6.2. RPE Cell Transplantation
Unlike for early AMD and wet AMD, no appropriate treatment exists for GA. However, cell-based therapy has recently been used to treat vision loss in late AMD, especially GA. Cell transplants might be used as a rescue or replacement therapy. Rescue therapy may preserve the function of dying tissue and also restore the function of dying cells. Replacement therapy involves the replacement of dead or dying cells with normal cells for restoring the function of a tissue or organ.
Several clinical trials of RPE transplantation for late AMD have demonstrated that improvement in visual function depends on the severity of the damage before RPE cell transplantation.

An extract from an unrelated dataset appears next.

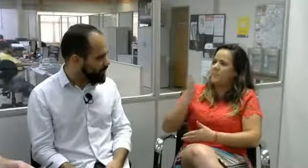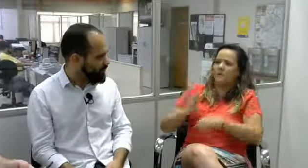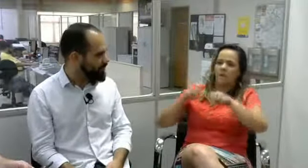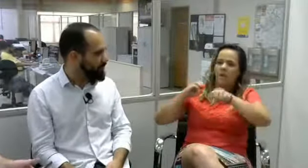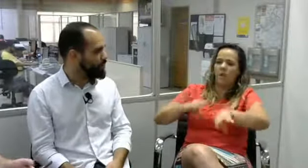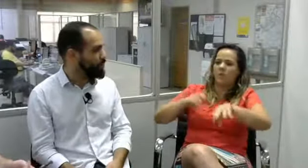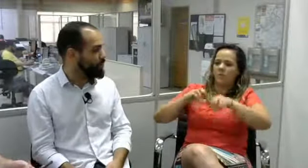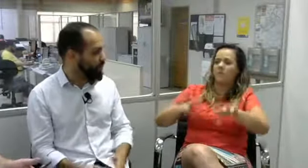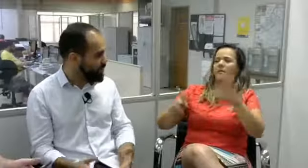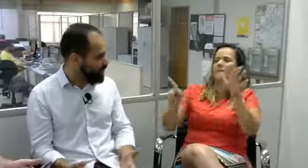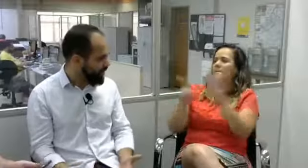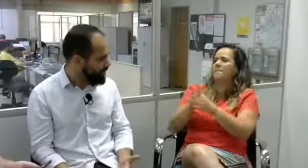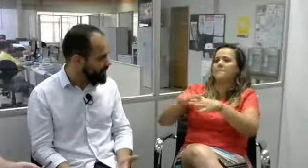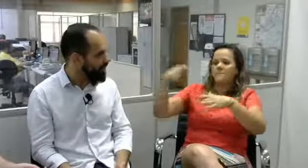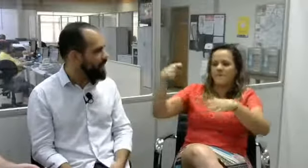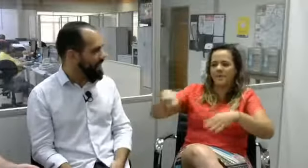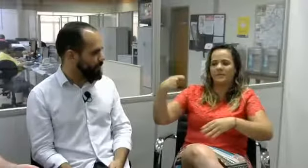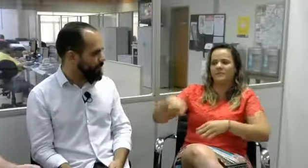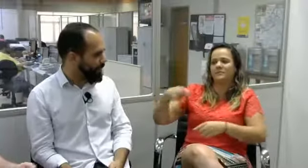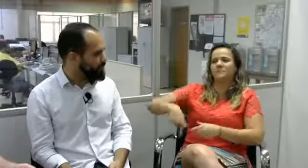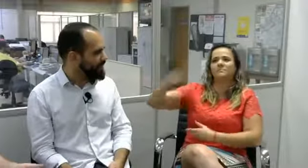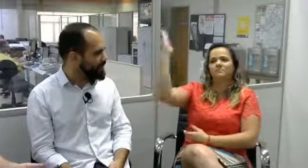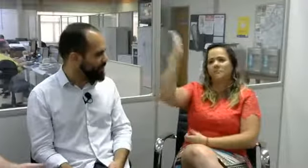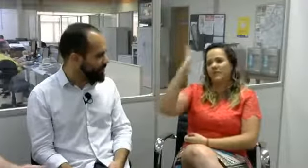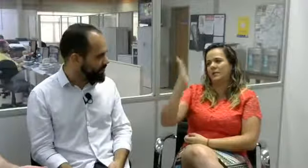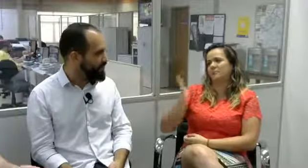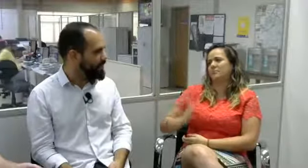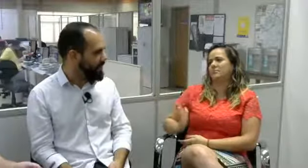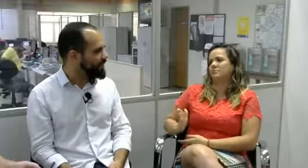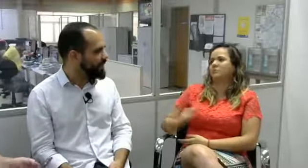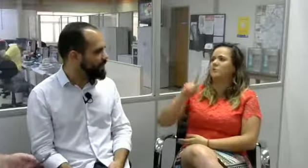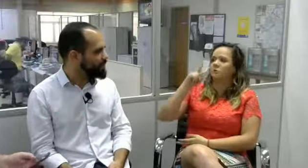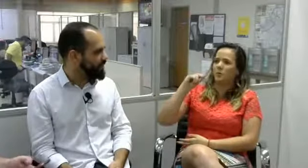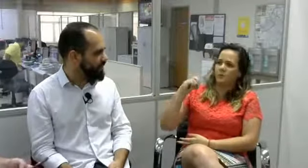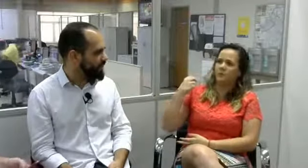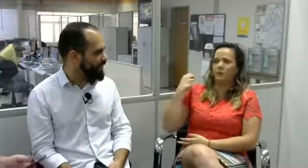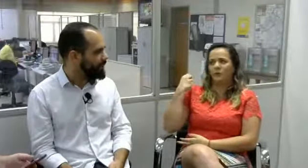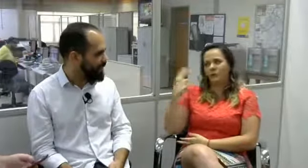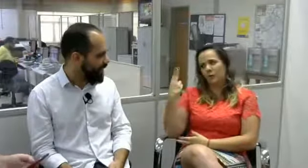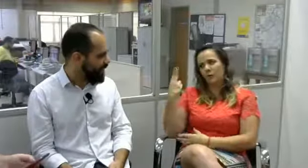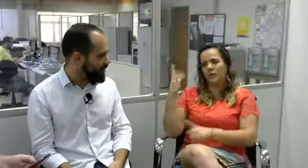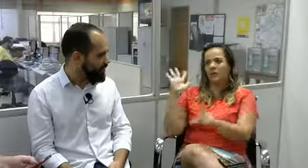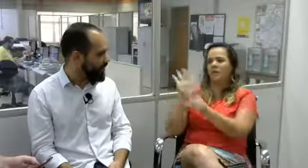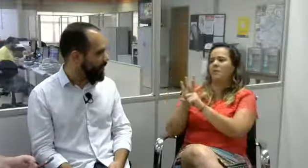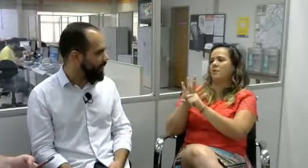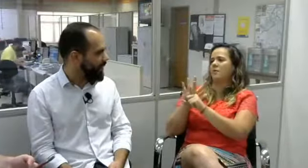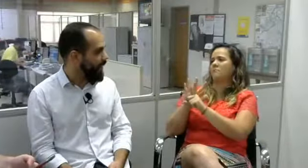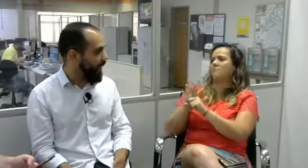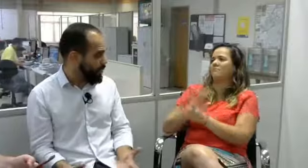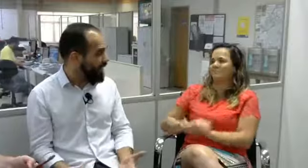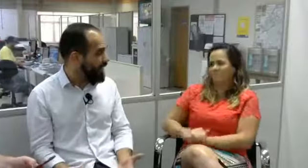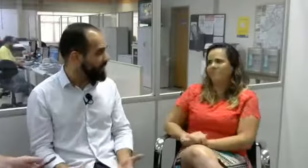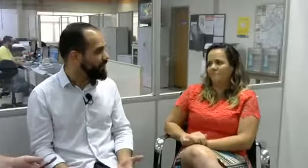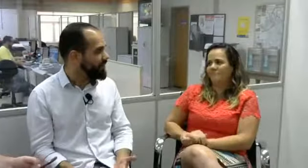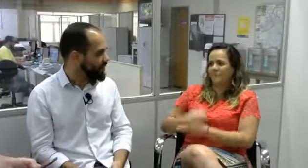serviço, no nosso país, as pessoas precisam entender isso, precisam estar adaptadas. É uma lei isso.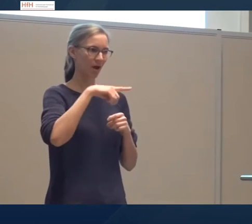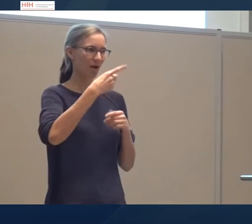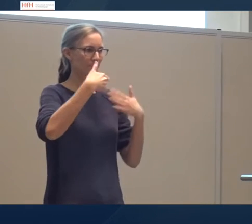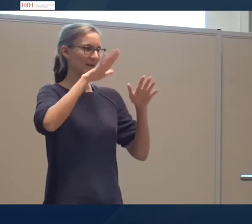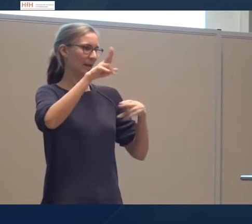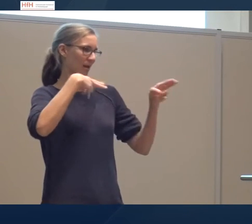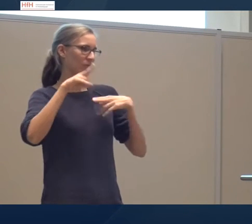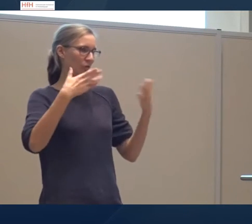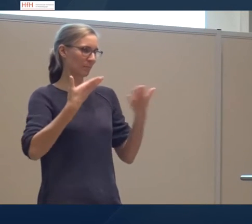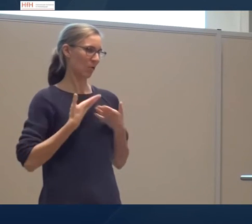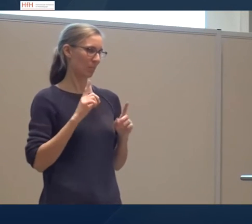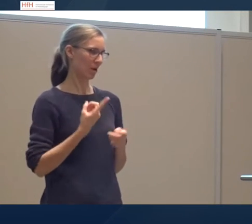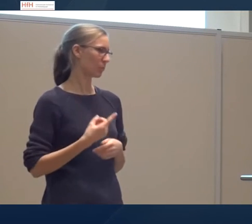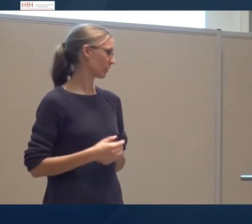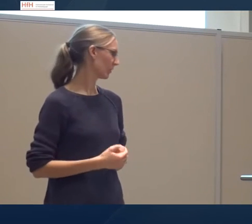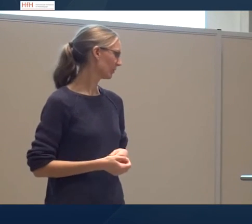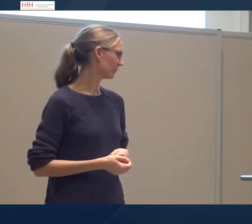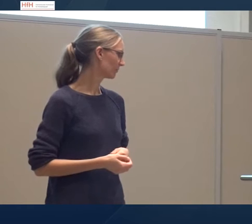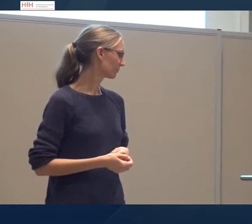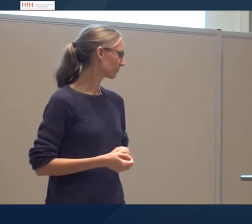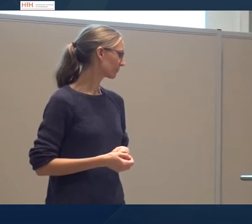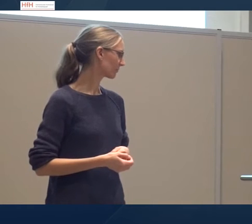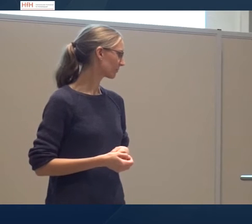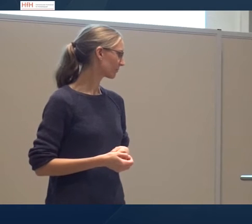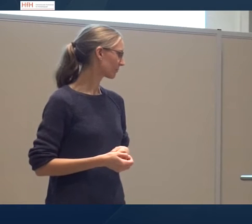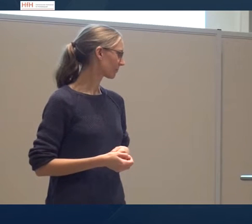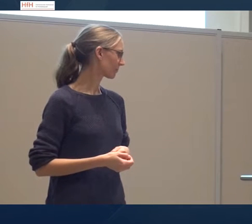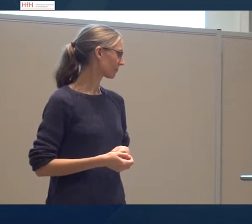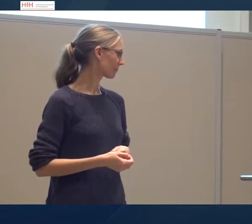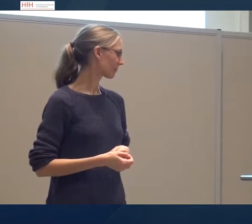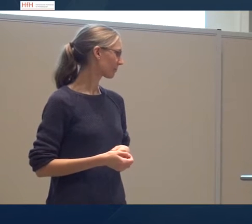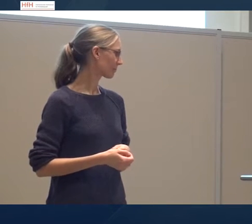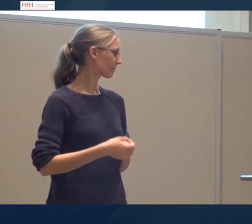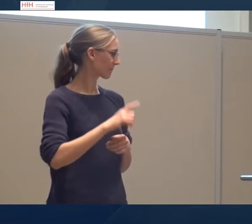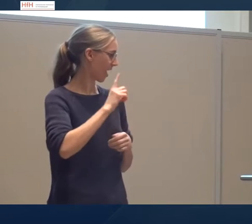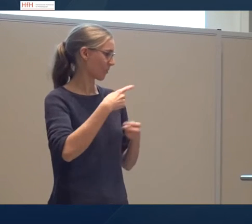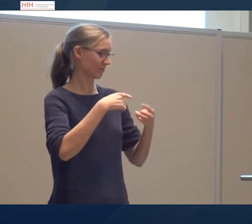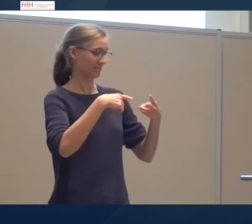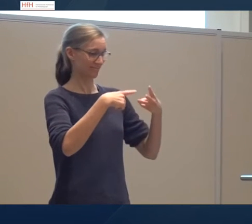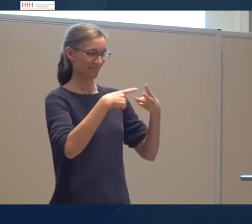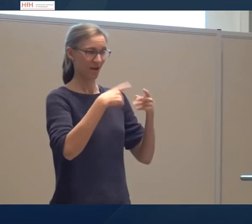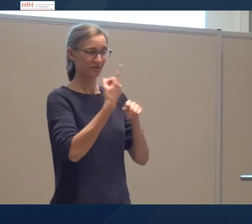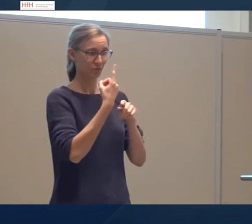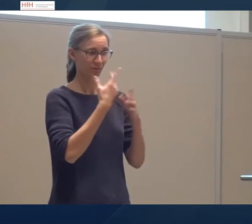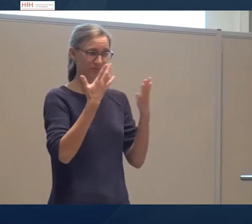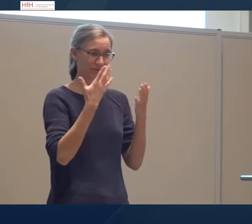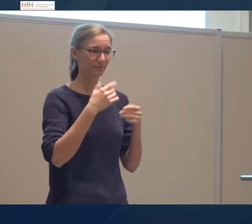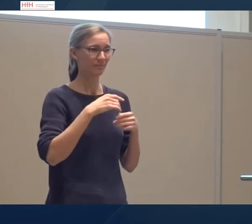und wie wir vorgehen möchten, wirklich transparent erklärt und verstanden wurde. Es brauchte auch so ein

The subsequent sections summarize current clinical trials of RPE transplantation.
6.2.1. RPE Transplantation for Choroidal Neovascularization in AMD
Tezel et al. transplanted allogeneic RPE sheets obtained from cadavers after removing CNV lesions at the subfovea in AMD patients [129]. The patients received RPE cells from different cadavers, and no significant recovery in best-corrected visual acuity and contrast sensitivity was observed. Binder et al. transplanted RPE cells by subretinal injection of autologous RPE suspension after CNV excision at the subfovea in a prospective controlled trial [130]. One year after surgery, the best-corrected visual acuity and reading speed improved. Lu et al. also transplanted autologous RPE sheets in AMD patients after CNV excision [131] and reported recovery in best-corrected visual acuity. Kamao et al. and Nakagawa et al. transplanted autologous induced pluripotent stem cell-derived RPE sheets into the subretinal space in AMD patients after the surgical removal of subfoveal CNV [132][133][134]. Although the sheets were intact one year after surgery, no improvement was noted in the best-corrected visual acuity. Da Cruz et al. transplanted human embryonic stem cell-derived RPE in two AMD patients with subfoveal CNVs. One year after surgery, the best-corrected visual acuity and reading speed improved in only the patient with the least focal foveal atrophy [135]. Recently, the induced pluripotent stem cell (IPSc) based RPE is studied for transplantation [136][137][138]. It is expected to free from immune rejection, the most common adverse effects of transplantation, and showed well attached with AMD patients. However, their visual acuity was nearly unchanged [134].
6.2.2. RPE Transplantation for GA in AMD
Schwartz et al. transplanted embryonic stem cell-derived RPE suspensions in nine AMD patients with GA [139][140]. The improvement in best-corrected visual acuity was 14 letters in eight eyes. Kashani et al. transplanted human embryonic stem cell-derived RPE monolayer sheets (3.5 mm × 6.25 mm) into the GA lesions in five AMD patients [141]. Four of the five patients presented no improvement in vision. However, the vision of the remaining patient improved by 17 ETDRS letters.
7. Conclusions
Because AMD is a multifactorial disease with several pathways, a multifaceted intervention is required. Although the exact pathogenesis of AMD remains unknown, RPE dysfunction is a major contributor. Thus, several therapeutic strategies targeting RPE cells have been proposed. Among these, PBM is a promising noninvasive therapy to ameliorate oxidative stress, mitochondrial dysfunction, and complement dysfunction which are the main mechanisms of RPE dysfunction resulting in AMD. PBM can also remove drusen in AMD by activating RPE phagocytosis. Cell-based therapies involving transplantation of RPE sheets or cells are possible but will likely be beneficial only to patients with minimal photoreceptor atrophy in late AMD. Further research on the relationship between AMD pathogenesis and RPE dysfunction will identify other potential therapeutic targets.